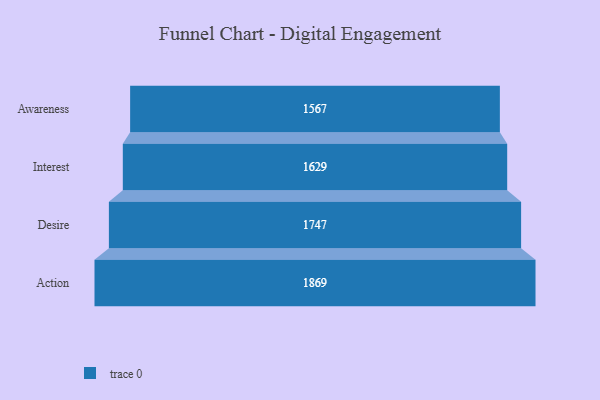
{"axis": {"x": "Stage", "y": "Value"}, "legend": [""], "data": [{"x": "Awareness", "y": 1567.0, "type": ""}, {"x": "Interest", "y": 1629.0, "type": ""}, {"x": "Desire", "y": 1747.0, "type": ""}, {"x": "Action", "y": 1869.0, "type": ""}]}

-------

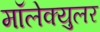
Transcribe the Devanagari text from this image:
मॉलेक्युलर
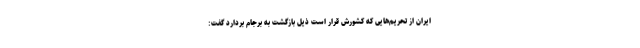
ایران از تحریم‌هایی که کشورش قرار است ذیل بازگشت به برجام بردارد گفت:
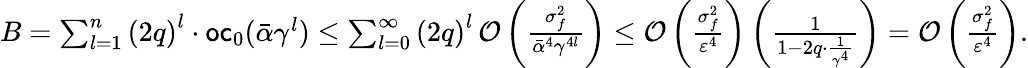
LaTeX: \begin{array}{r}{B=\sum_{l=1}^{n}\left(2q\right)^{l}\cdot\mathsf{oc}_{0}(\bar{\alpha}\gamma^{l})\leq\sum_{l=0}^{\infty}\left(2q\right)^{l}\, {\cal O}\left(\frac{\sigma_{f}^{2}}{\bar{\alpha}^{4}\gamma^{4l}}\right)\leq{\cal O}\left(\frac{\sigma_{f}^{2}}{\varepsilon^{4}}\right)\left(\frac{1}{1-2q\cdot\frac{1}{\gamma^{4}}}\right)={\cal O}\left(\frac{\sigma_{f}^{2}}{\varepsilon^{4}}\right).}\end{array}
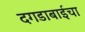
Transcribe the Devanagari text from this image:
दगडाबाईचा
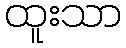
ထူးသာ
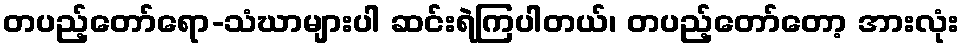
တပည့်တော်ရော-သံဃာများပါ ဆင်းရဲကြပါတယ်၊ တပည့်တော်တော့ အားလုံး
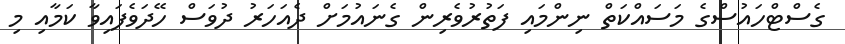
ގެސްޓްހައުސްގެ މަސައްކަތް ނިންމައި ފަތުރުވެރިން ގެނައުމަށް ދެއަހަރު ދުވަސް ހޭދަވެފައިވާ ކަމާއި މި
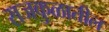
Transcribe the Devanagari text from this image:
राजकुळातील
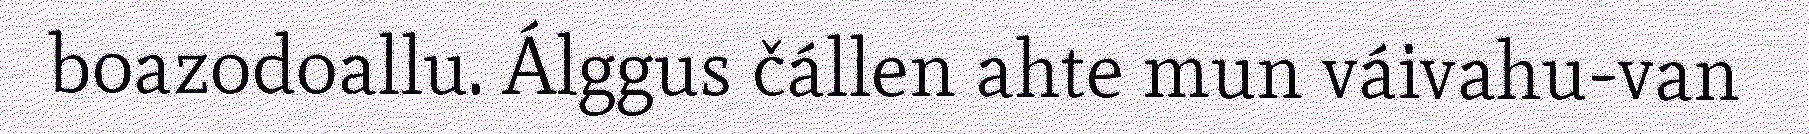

-------

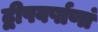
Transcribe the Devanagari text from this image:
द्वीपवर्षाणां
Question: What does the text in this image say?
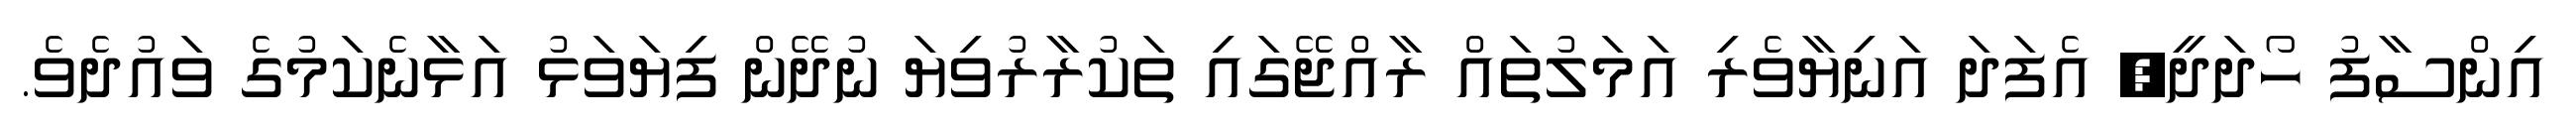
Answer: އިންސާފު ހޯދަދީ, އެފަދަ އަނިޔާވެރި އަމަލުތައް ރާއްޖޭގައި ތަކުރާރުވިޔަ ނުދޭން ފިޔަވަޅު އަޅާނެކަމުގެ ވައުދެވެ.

-------

**WORK INSTRUCTIONS:**
Look back at the data above, then output exactly the lines from the line holding "Question: What does" up to and including the line holding "Answer: އިންސާފު ހޯދަދީ, އެފަދަ". Leave out the pictures.

**EXERCISE ANSWER:**
Question: What does the text in this image say?
Answer: އިންސާފު ހޯދަދީ, އެފަދަ އަނިޔާވެރި އަމަލުތައް ރާއްޖޭގައި ތަކުރާރުވިޔަ ނުދޭން ފިޔަވަޅު އަޅާނެކަމުގެ ވައުދެވެ.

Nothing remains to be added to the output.